Mais dernièrement, l'air autour de ces bâtiments semble différent. Les travailleurs parlent plus doucement dans les salles de pause et les couloirs, comme si les sons ordinaires des machines et des bandes transporteuses avaient été rejoints par quelque chose de moins visible : l'incertitude qui flotte à travers la routine d'un autre quart de travail.
Au centre de cette inquiétude se trouve une proposition de Heinz Wattie’s visant à remodeler certaines de ses opérations à travers la Nouvelle-Zélande. Le plan, annoncé cette semaine, décrit la possible fermeture de trois installations de fabrication—à Auckland, Christchurch et Dunedin—tout en mettant fin aux travaux d'emballage liés aux lignes de produits congelés sur le site de King Street à Hastings. Si cela se concrétise, les changements pourraient affecter environ 350 postes à travers le pays.
Pour les communautés qui ont grandi aux côtés de l'entreprise pendant des générations, la nouvelle est arrivée comme un front lentement mouvant sur un terrain familier. Wattie’s a longtemps été tissé dans le paysage de l'industrie alimentaire néo-zélandaise, avec sa base à Hastings entourée de producteurs qui fournissent des tomates, des pois et d'autres cultures destinées aux cuisines à travers le pays.
Pourtant, l'entreprise affirme que les pressions qui façonnent la fabrication moderne sont devenues de plus en plus difficiles à naviguer. L'inflation mondiale croissante, l'évolution de la demande des consommateurs et les défis plus larges de l'industrie ont progressivement resserré les marges autour de la production locale. En réponse, la proposition inclut des plans pour cesser plusieurs lignes de produits, y compris les légumes congelés, le café Gregg’s et les dips vendus sous des marques telles que Mediterranean, Just Hummus et Good Taste Company.
Le changement, s'il est finalisé, aurait des répercussions au-delà des murs de l'usine. Les fournisseurs et les producteurs—en particulier ceux liés à l'opération de Christchurch—pourraient également ressentir les effets, car des centaines de fermes ont historiquement contribué à la production du réseau de transformation de l'entreprise.
À l'intérieur de l'opération de Hastings, où de nombreux travailleurs ont passé des décennies sur le sol de l'usine, le moment revêt un poids particulier. Certains employés ont construit toute leur vie professionnelle au sein de l'entreprise, leurs carrières s'étendant sur le passage tranquille de trente ou même quarante ans. Pour eux, l'usine est plus qu'un lieu de travail ; c'est un point stable dans la carte changeante de l'industrie locale.

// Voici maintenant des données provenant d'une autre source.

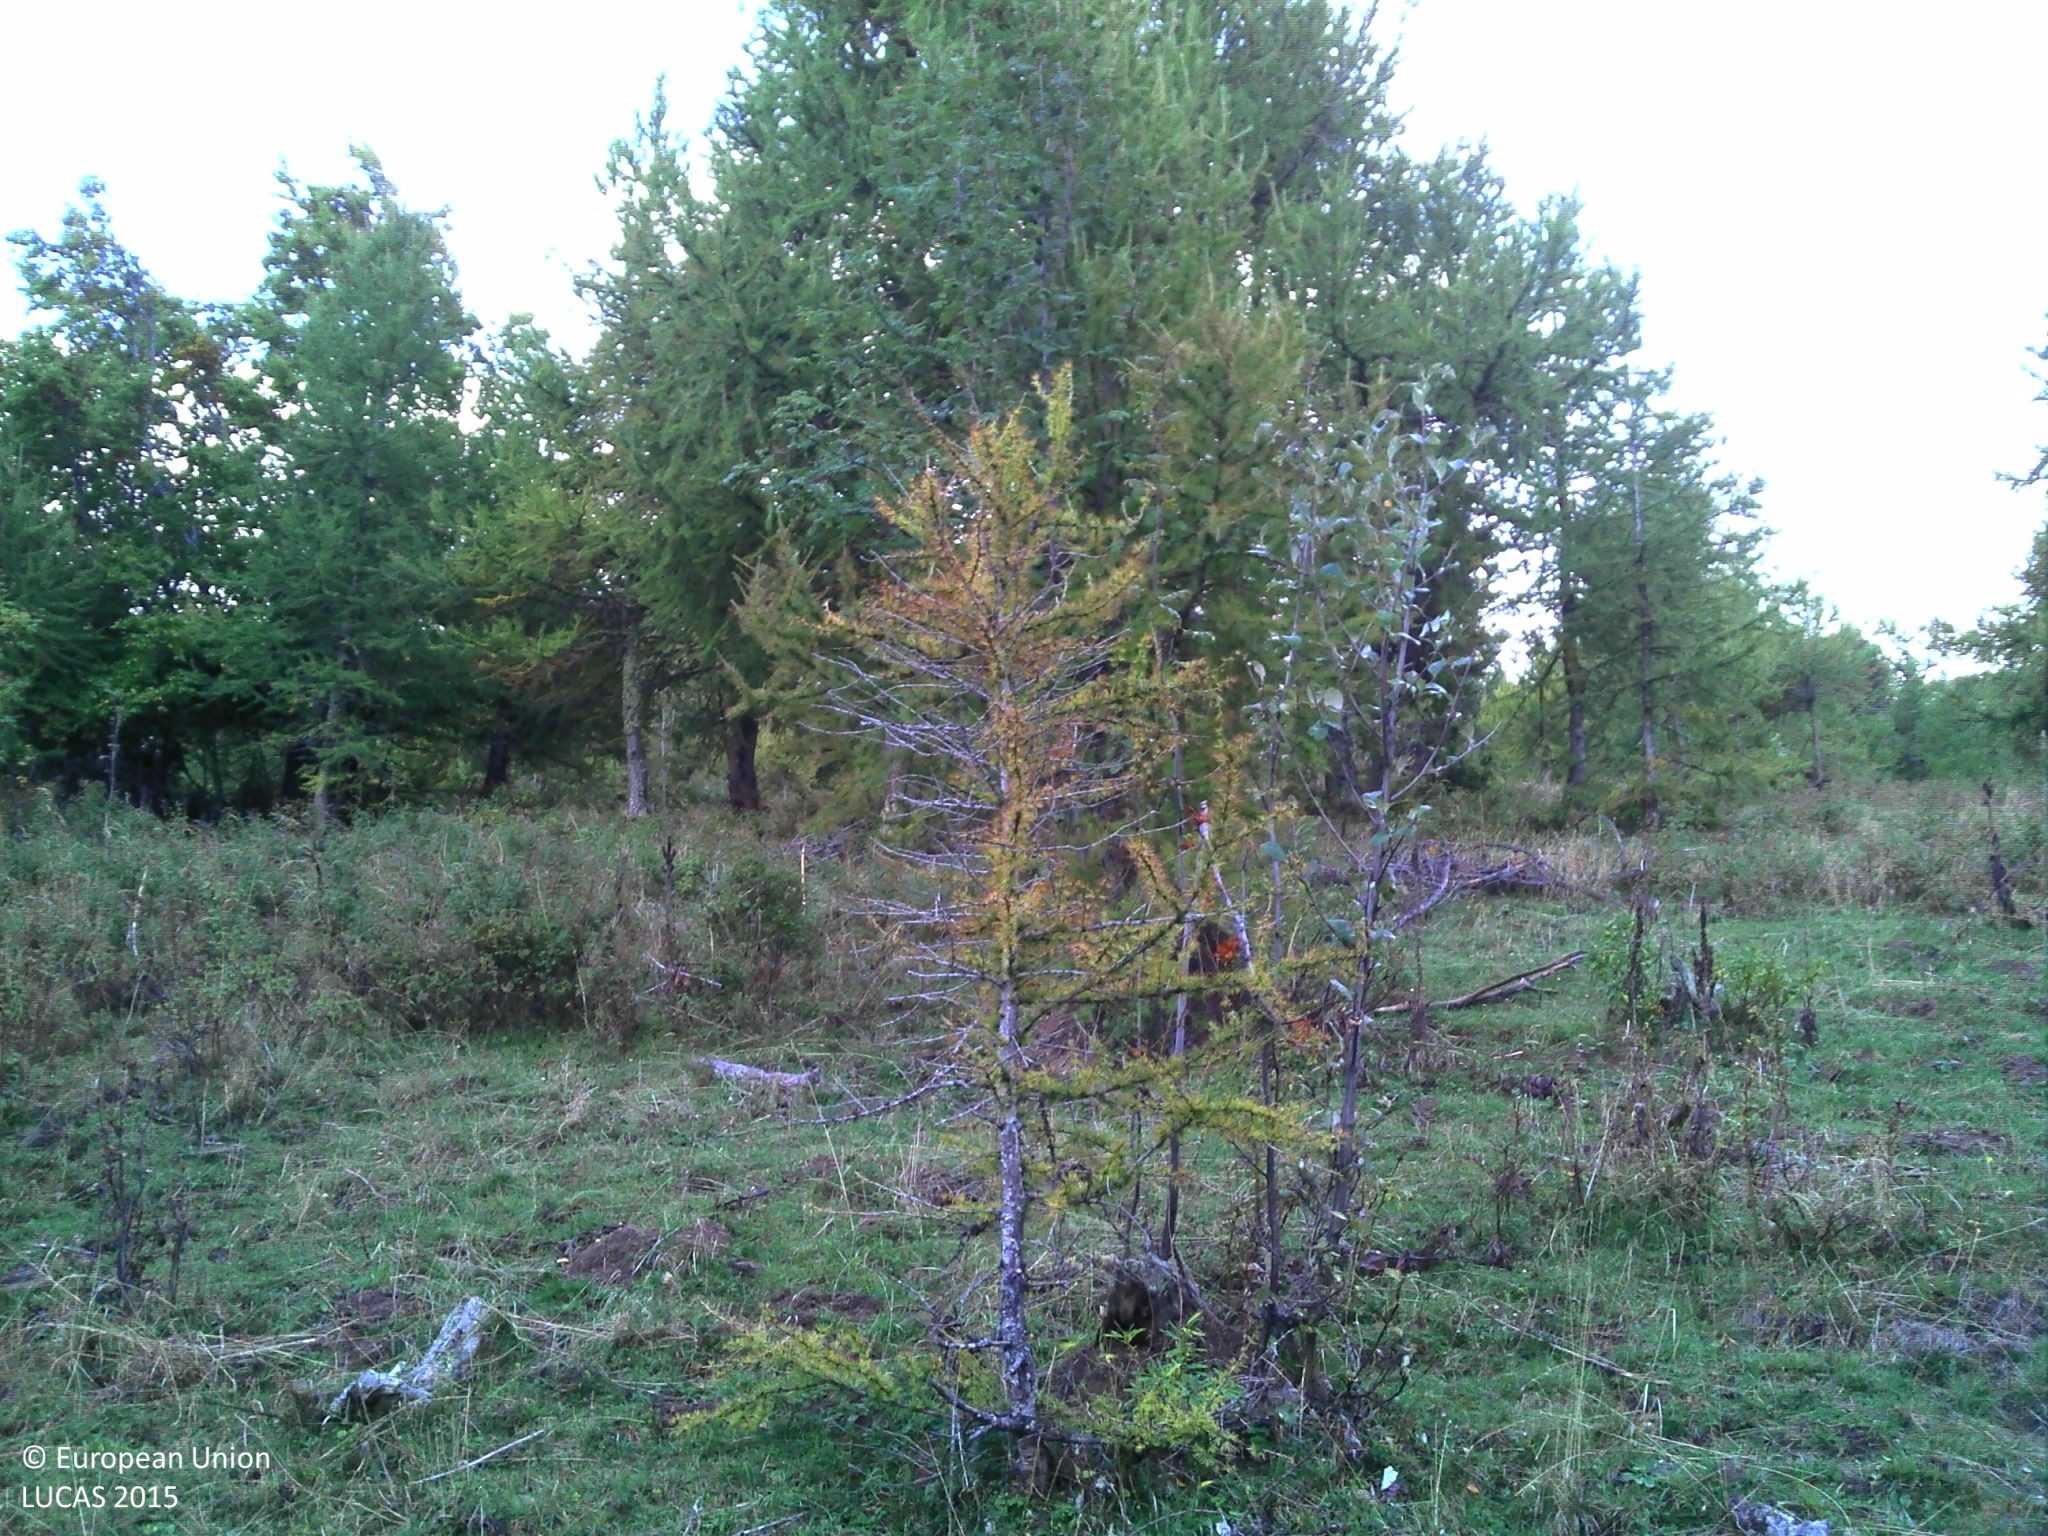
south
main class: Grassland
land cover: Grassland with sparse tree/shrub cover
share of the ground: > 75 %
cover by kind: herbaceous plants 85 %, shrubs 10 %, coniferous forest trees 5 %
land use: Agriculture (excluding fallow land and kitchen gardens)
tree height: > 5 m
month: September
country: FR
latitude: 44.4984
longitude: 6.2211

Les représentants syndicaux affirment que le moral des employés a chuté de manière significative depuis l'annonce de la proposition. Les conversations sur les futurs quarts de travail ont été remplacées par des questions sur ce qui va suivre, en particulier pour les travailleurs approchant de l'âge de la retraite ou ceux qui n'ont que rarement travaillé ailleurs.

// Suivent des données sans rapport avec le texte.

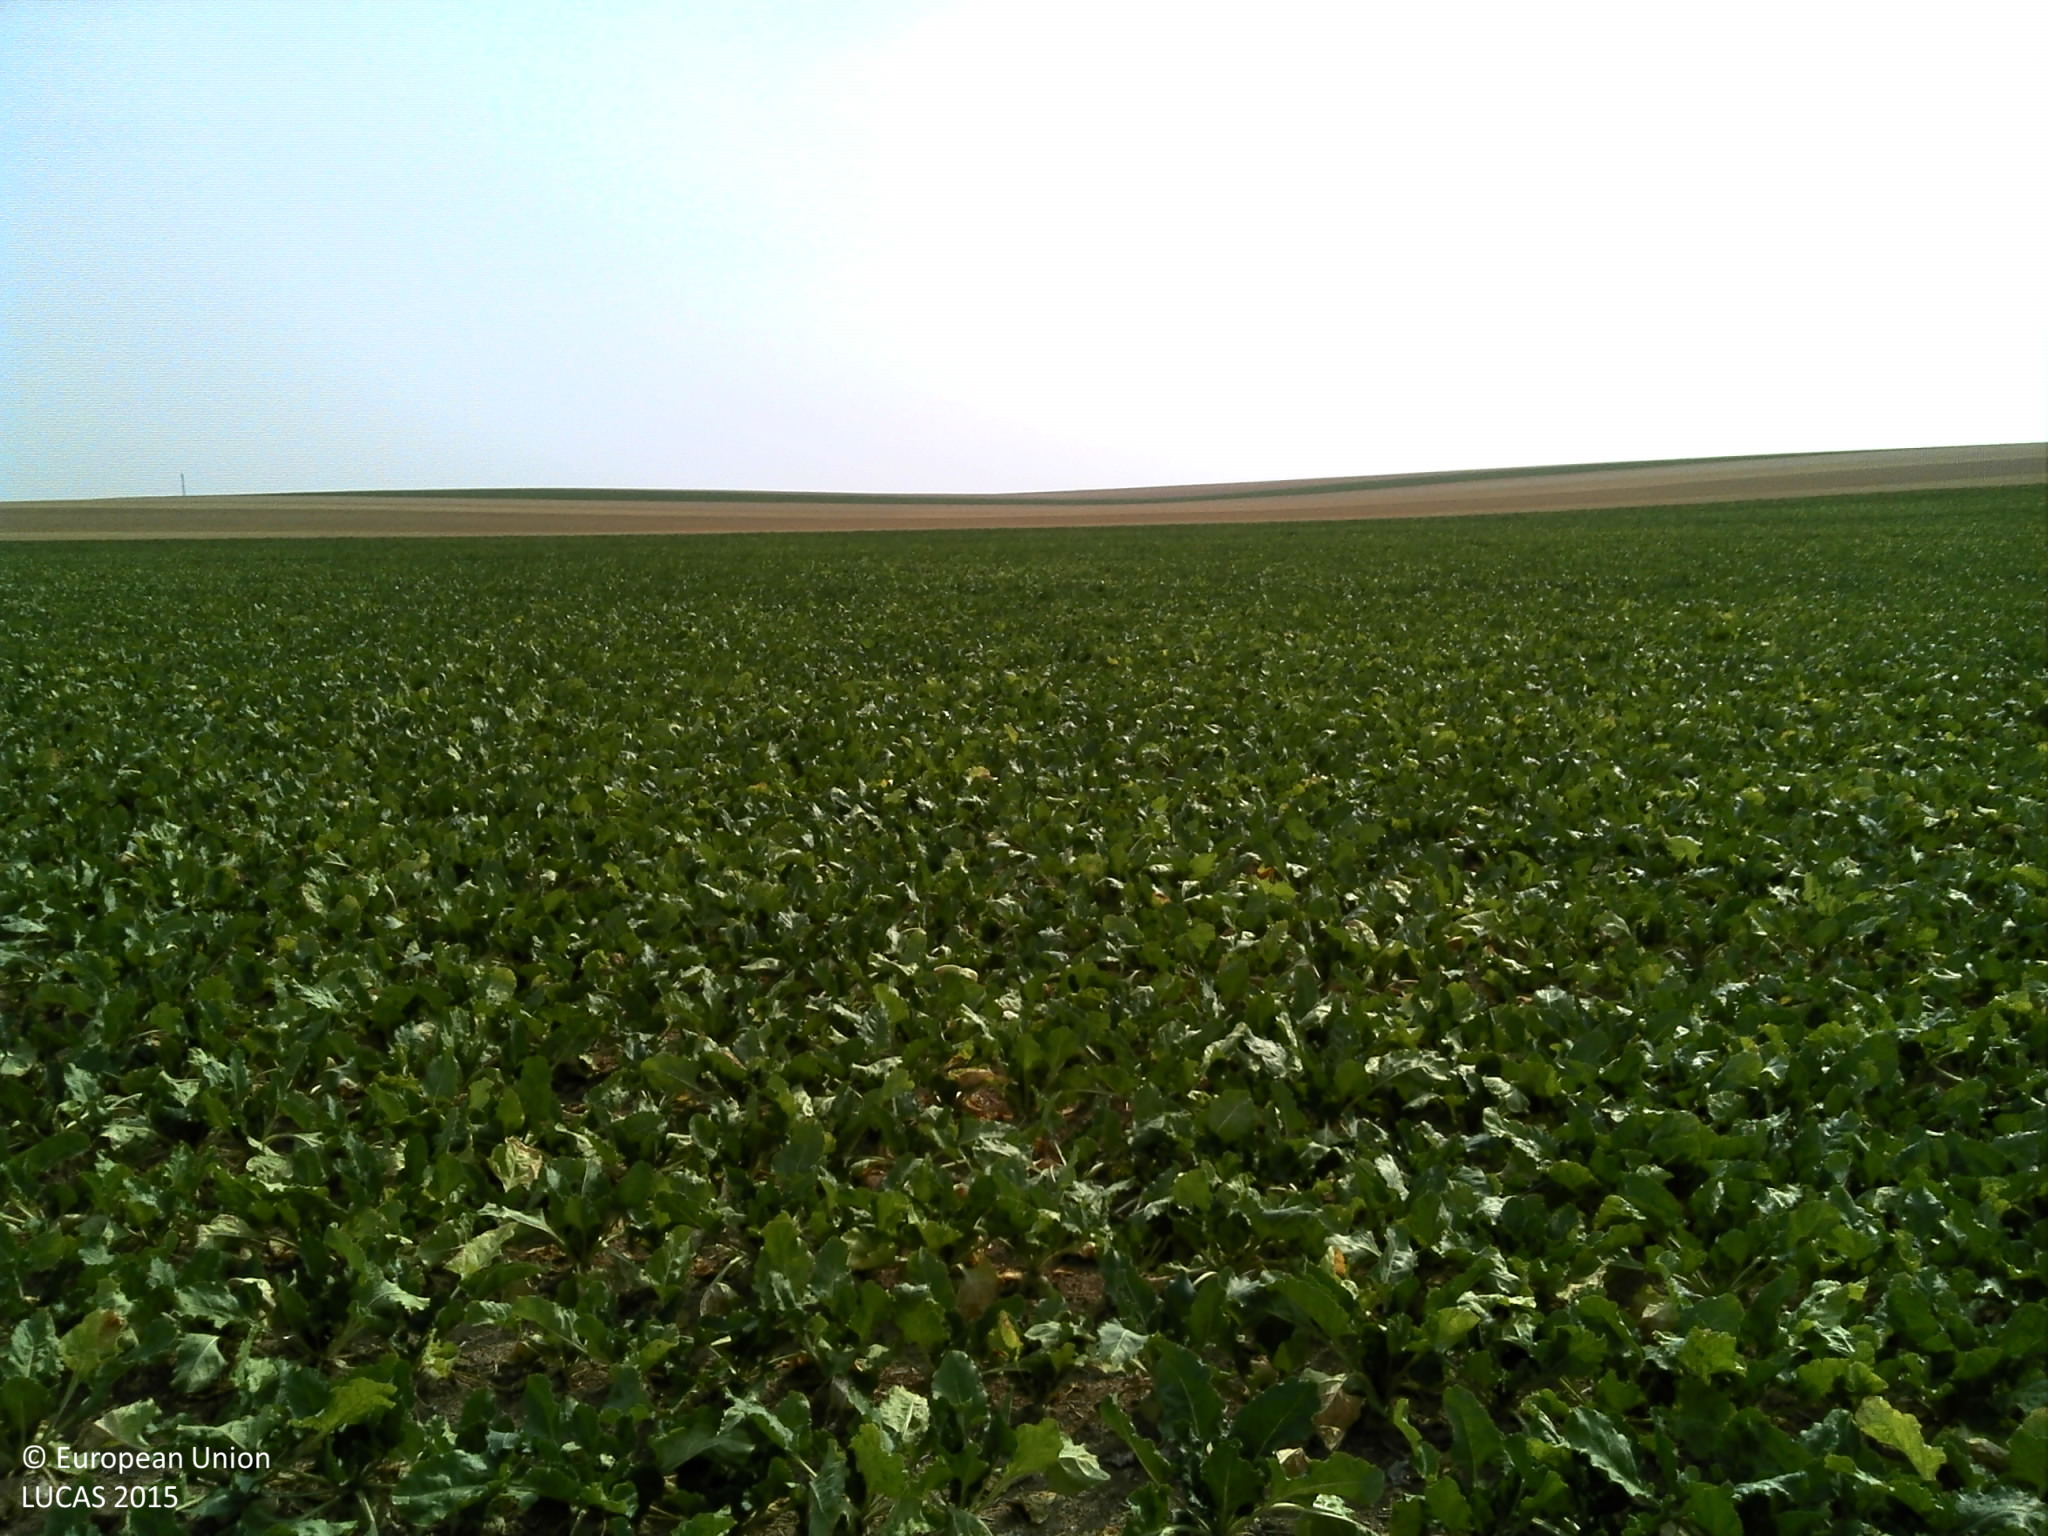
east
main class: Cropland
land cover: Sugar beet
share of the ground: 50 - 75 %
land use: Agriculture (excluding fallow land and kitchen gardens)
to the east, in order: Sugar beet
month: August
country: FR
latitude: 49.0299
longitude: 4.6219

Pour sa part, Heinz Wattie’s déclare que la proposition fait partie d'un effort plus large pour positionner l'entreprise pour une durabilité à long terme. Le directeur général Andrew Donegan a déclaré que la décision n'avait pas été prise à la légère et que des alternatives avaient été envisagées avant de procéder au processus de consultation.
Ce processus est maintenant en cours, avec des discussions prévues entre l'entreprise, les employés, les représentants syndicaux, les producteurs et d'autres parties prenantes. Pendant cette période, des retours seront recueillis avant que des décisions finales ne soient confirmées.
Pour l'instant, les machines continuent de fonctionner, et les camions continuent d'entrer et de sortir des portes de l'usine à travers le pays. Mais sous le rythme ordinaire de la production, une question plus silencieuse persiste—sur ce à quoi pourrait ressembler la prochaine saison de travail pour ceux dont les vies ont longtemps avancé en accord avec ces usines.
Heinz Wattie’s a commencé une période de consultation avec le personnel et les parties prenantes, après laquelle une décision finale sur les changements proposés sera prise.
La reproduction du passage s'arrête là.